ABOUT THIS EXERCISE: In the data below, the answer is the run of lines from the line containing "Topology: 2 solids, 2" through the line containing "Full cylindrical faces", both included; print it exactly and nothing else.

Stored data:
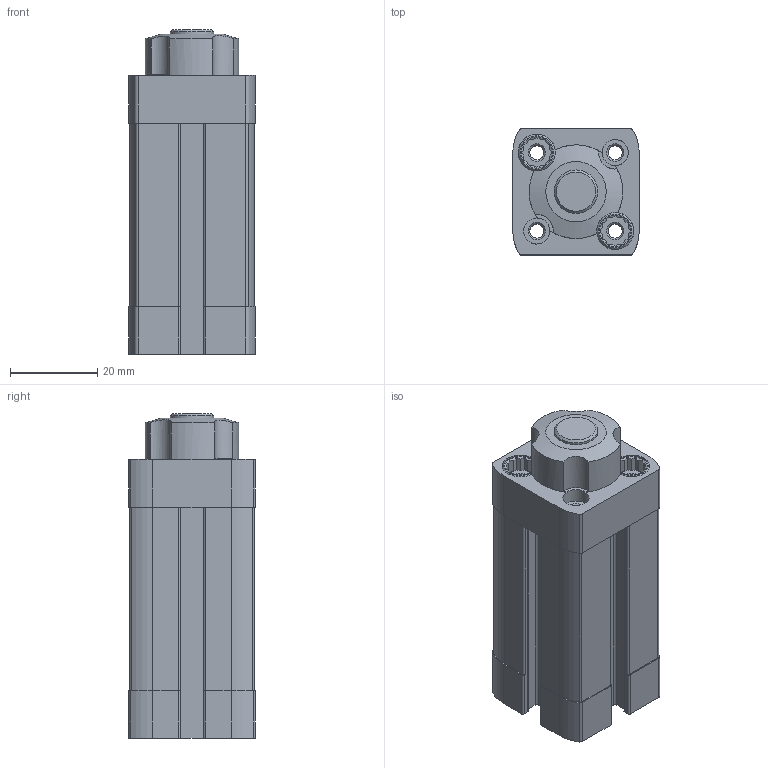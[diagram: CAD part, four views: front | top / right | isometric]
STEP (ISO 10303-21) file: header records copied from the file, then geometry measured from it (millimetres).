
FILE_DESCRIPTION(/* description */ ('STEP AP214'),/* implementation_level */ '2;1');
FILE_NAME(/* name */ '576059_DFSP-16-15-DS-PA',/* time_stamp */ '2024-08-15T21:18:26+02:00',/* author */ ('License CC BY-ND 4.0'),/* organization */ ('CADENAS'),/* preprocessor_version */ 'ST-DEVELOPER v19.3',/* originating_system */ 'PARTsolutions',/* authorisation */ ' ');
FILE_SCHEMA (('AUTOMOTIVE_DESIGN {1 0 10303 214 3 1 1}'));
Length unit declared in the file: millimetre
Products named in the file (3): 576059 DFSP-16-15-DS-PA---(0); 575166 DFSP-16-15_g; 575166 DFSP-16-15-S_ks
Assembly tree (2 placements, depth 2):
  576059 DFSP-16-15-DS-PA---(0)
    575166 DFSP-16-15_g
    575166 DFSP-16-15-S_ks
Bounding box: 29 x 29 x 74.5 mm (x, y, z)
Volume: 43184.9 mm3; surface area: 19782.9 mm2
Topology: 2 solids, 2 shells, 279 faces, 741 edges, 490 vertices
Faces by surface type: plane 172, cylinder 87, cone 19, sphere 1
Full cylindrical faces by diameter (mm): 3.242 x8, 4.134 x2, 5.242 x4, 6 x4, 8.5 x4, 9 x1, 10 x2, 16 x2
Entity records: 8518 total; most frequent: CARTESIAN_POINT 1754, ORIENTED_EDGE 1364, DIRECTION 1344, EDGE_CURVE 682, AXIS2_PLACEMENT_3D 480, VERTEX_POINT 478, LINE 384, VECTOR 384

PROBLEM SOLUTION:
Topology: 2 solids, 2 shells, 279 faces, 741 edges, 490 vertices
Faces by surface type: plane 172, cylinder 87, cone 19, sphere 1
Full cylindrical faces by diameter (mm): 3.242 x8, 4.134 x2, 5.242 x4, 6 x4, 8.5 x4, 9 x1, 10 x2, 16 x2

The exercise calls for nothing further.